Oh to walk the mystical path where stars are silhouetted in
the brightest prisms and the moon almost speaks to you.
Sand mirages sparkle under the moon, pyramids reach
towards the heavens to walk with the lynx in slinky strides.
To hear the voices of the Gods, hear their silk robes swish
like silver strands of stardust.
The eye looking at eternity, where royal purple horizons meet
in Roman columns, or where gold pours from fountains,
tell me one thing more than the human need to share life.
Of footsteps quiet on the peaceful plains of contentment,
where thought does not crumble in the wind of uncertainty.
The end of time drawing nearer, we scoop the celestial youth in
Big Dippers of stars, fires too bright to see, colliding worlds of memories.
So we walk the mystical path into a castle’s silent dungeon, where there
is mirth with the wandering, or drown in a moat of starless water not lit
by Eden’s light.
Flight, in dream, returns. Flight towards a rendezvous of two angels.
When the night comes, and the stars go out, all will begin again.


__________________

BLUE NEVADA SKY
—Marie J. Ross

We breathed indigo, you and I, Daddy,
on my yearly visit. We sat beneath the
blue Nevada sky and picked fluff off
white clouds that you said “Was fabric for
tiny creatures.”
I was seven that summer and we followed
the path of pebbles, leading to the rim of
the lake.
With fishing poles and dangling hooks
and a bucket of wiggly worms, we cast
like anglers—I, waiting for that moment
when bobber swallowed water and sunk.
And, when twilight spilled scarlet on your
mandolin, we sat on the front porch and
you played for me as we heard nature's
tranquil purr.
But train wheels must click and return me
to my California home, until seasons pass
and loan us another Blue Nevada Sky.

__________________

Seed of the Week:



Where do you hang your hat?

__________________

Today's LittleNip:

MIRRORMENT

Birds are flowers flying
and flowers perched birds.

—A.R. Ammons

___________________

—Medusa


SnakeWatch: What's Up With Rattlesnake Press

New in June:
Day Moon, a new chapbook by James DenBoer, and Mindfully Moon, a littlesnake broadside by Carol Louise Moon, as well as Volume Three of Conversations, our third book of interviews by B.L. Kennedy, featuring Art Beck, Olivia Costellano, Quinton Duval, William S. Gainer, Mario Ellis Hill, Kathryn Hohlwein, James Jee Jobe, Andy Jones, Rebecca Morrison, Viola Weinberg and Phillip T. Nails. All this PLUS a brand-new edition (#18) of Rattlesnake Review! Now available at The Book Collector, 1008 24th St., Sacramento, or (soon) from rattlesnakepress.com/. (Snake contributors' and subscribers' copies will go in the mail this week and next, along with contributors' copies of Conversations. If you're not among either of these, and can't get down to The Book Collector to get your free copy, send me two bux and I'll mail you one: P.O. Box 762, Pollock Pines, CA 95726.)

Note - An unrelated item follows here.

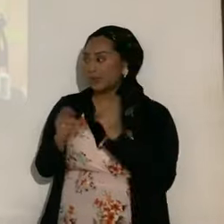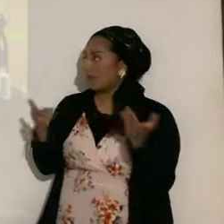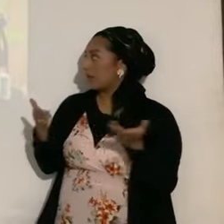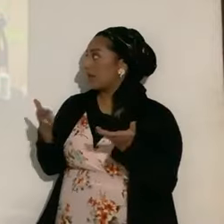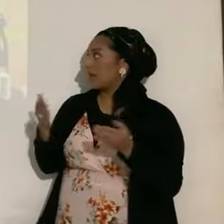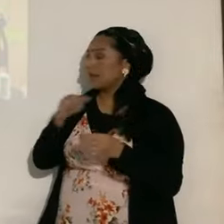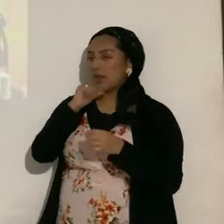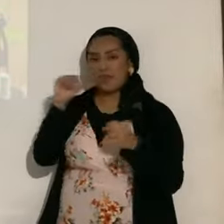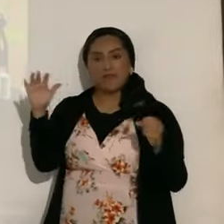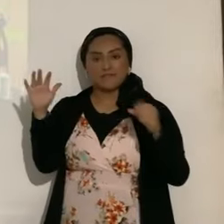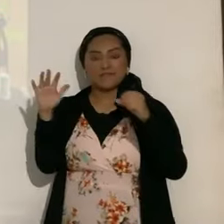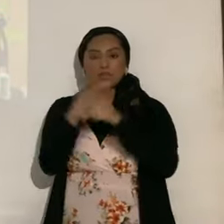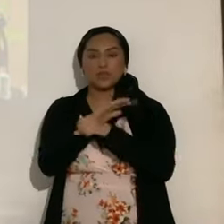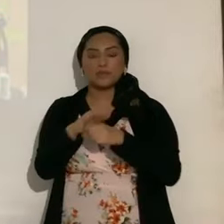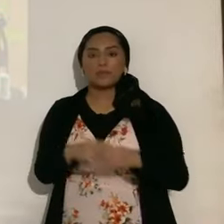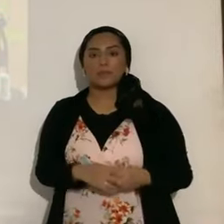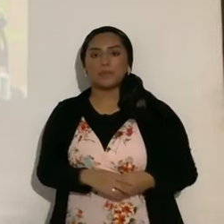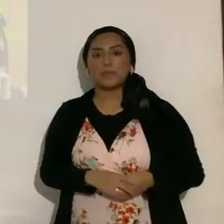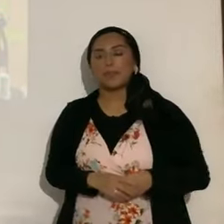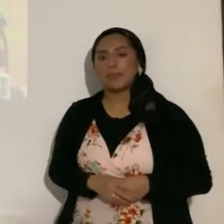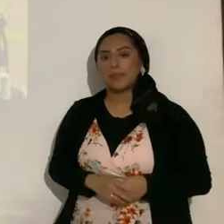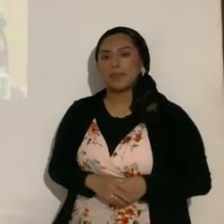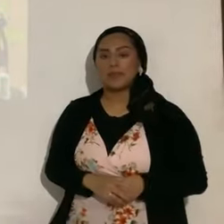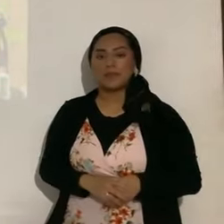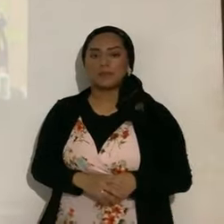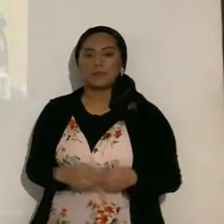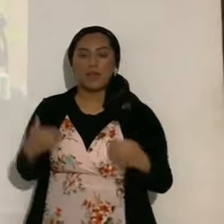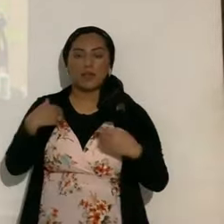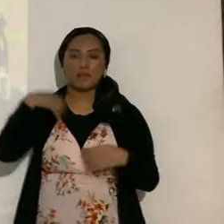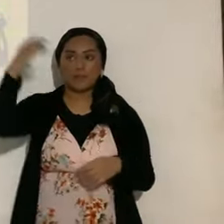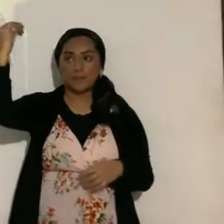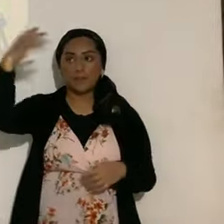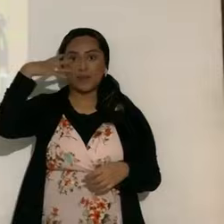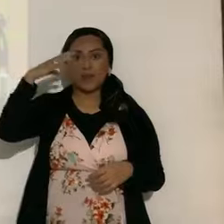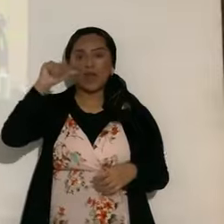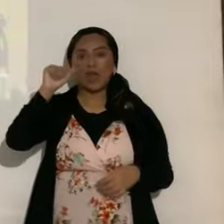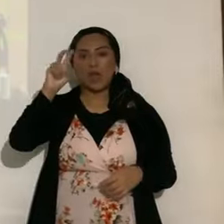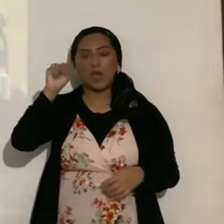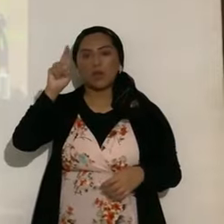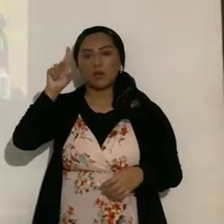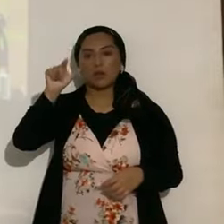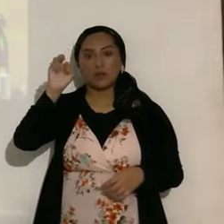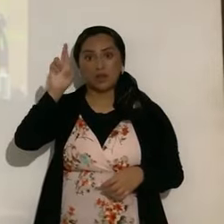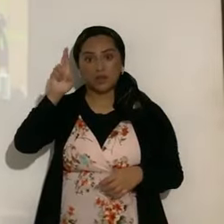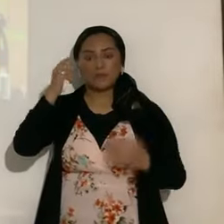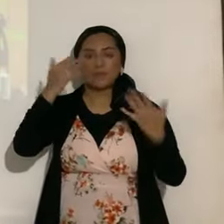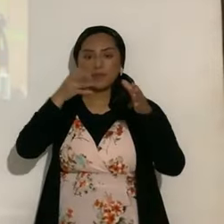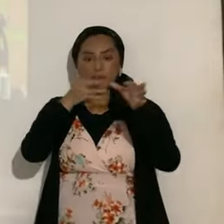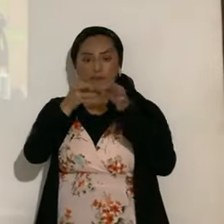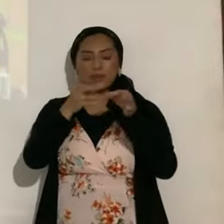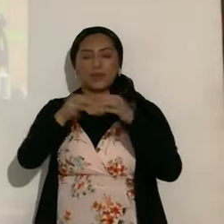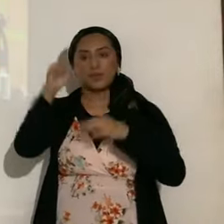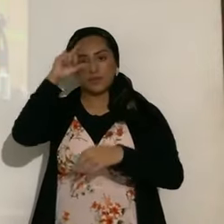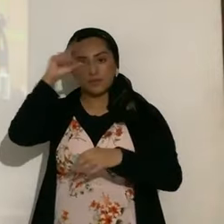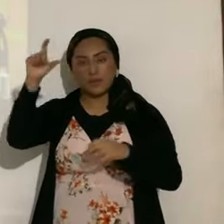perigeo, hay solar anular, y eso ya lo hemos estudiado, la Luna perfectamente alineada, por su apogeo,
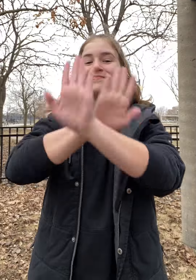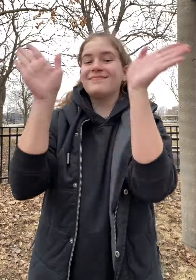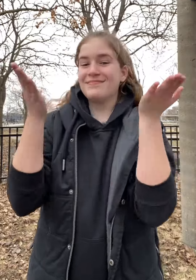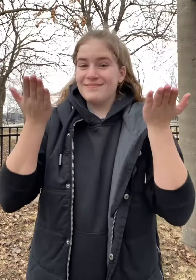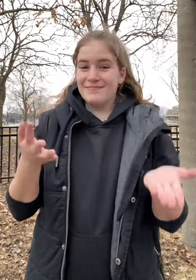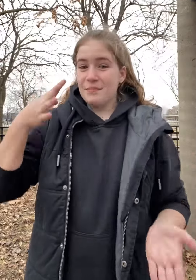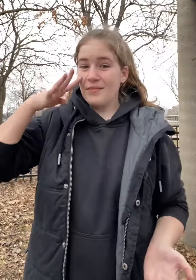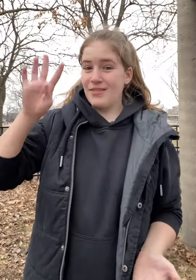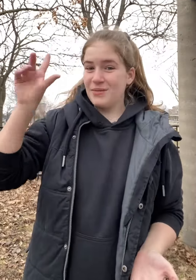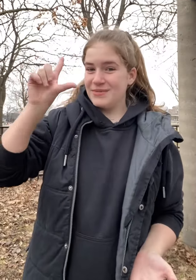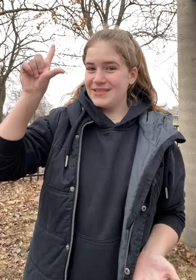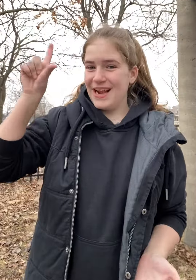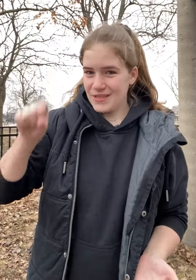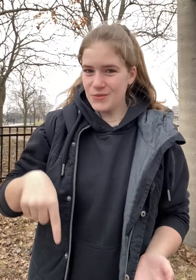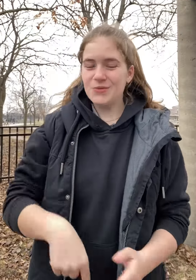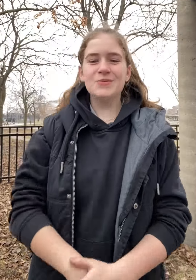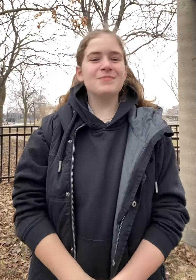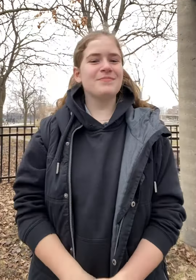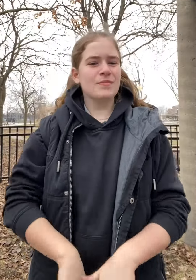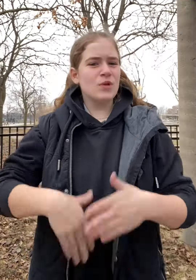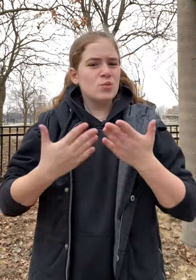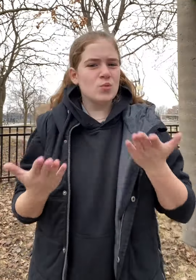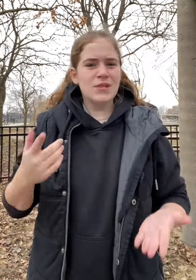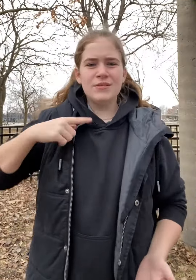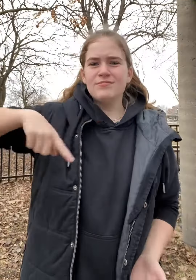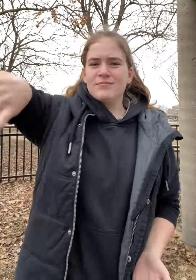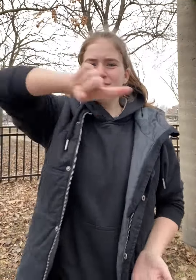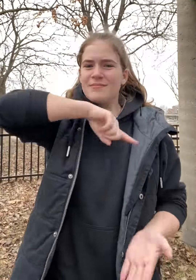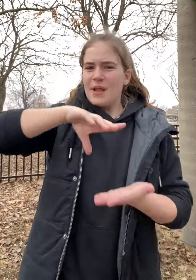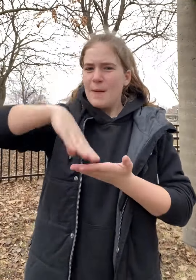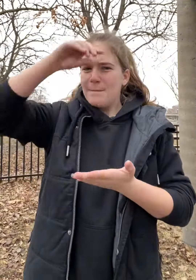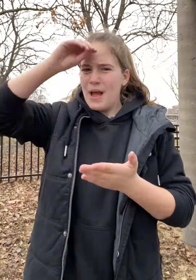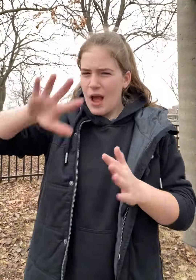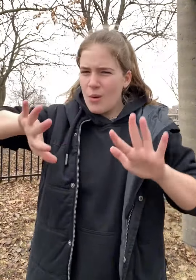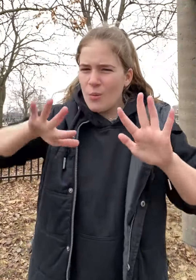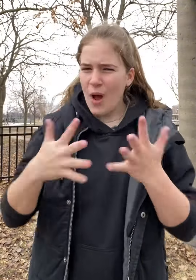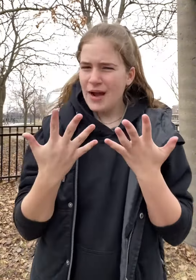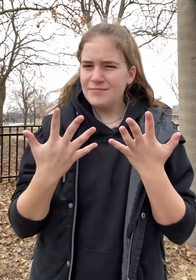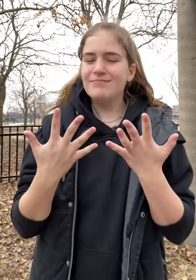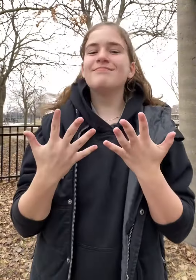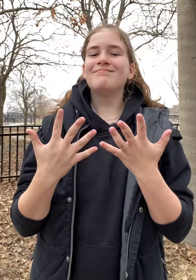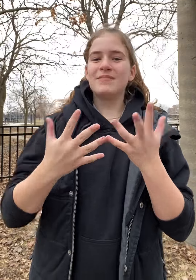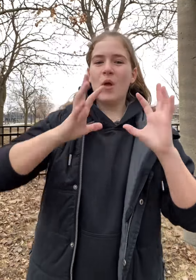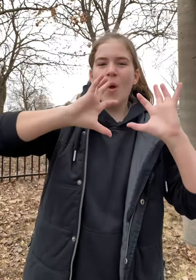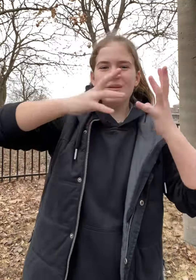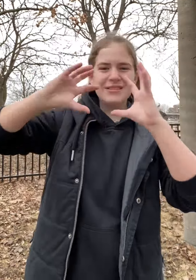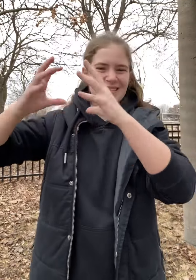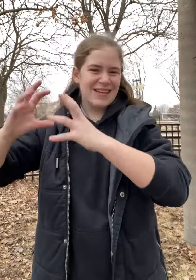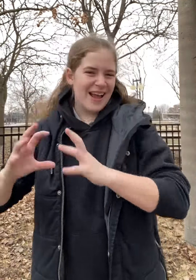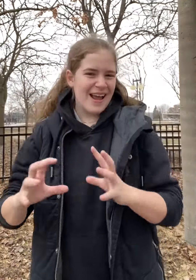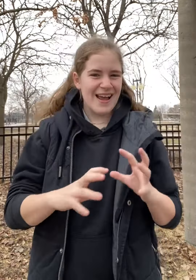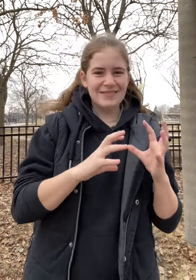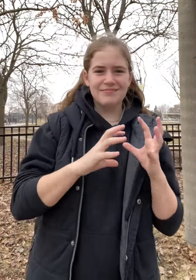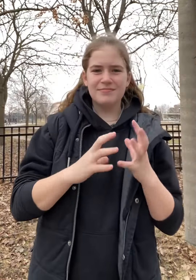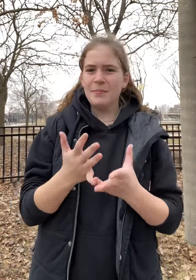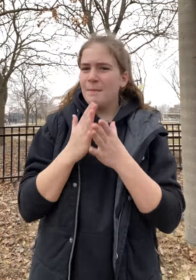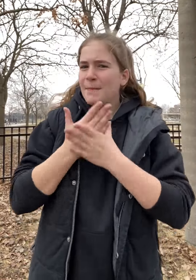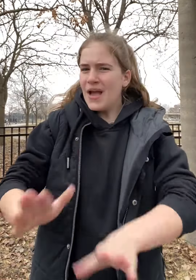Allô, c'est Améliane de Lundi-LSQ. Aujourd'hui, vous apprenez quoi? Les continents. Vous êtes prêtes?

The Snake will be snoozing through July and August, leaving Medusa to carry on alone. Then on September 10, we shall burst back onto the scene with Ten Poems, a new chapbook from Patrick Grizzell, plus Issue #19 of Rattlesnake Review. (Deadline is August 15.) Meanwhile, look in on Medusa every day, and, for heaven's sake, keep sending stuff! The snakes of Medusa are always hungry...


Medusa's Weekly Menu:


(Contributors are welcome to cook up something for any and all of these!)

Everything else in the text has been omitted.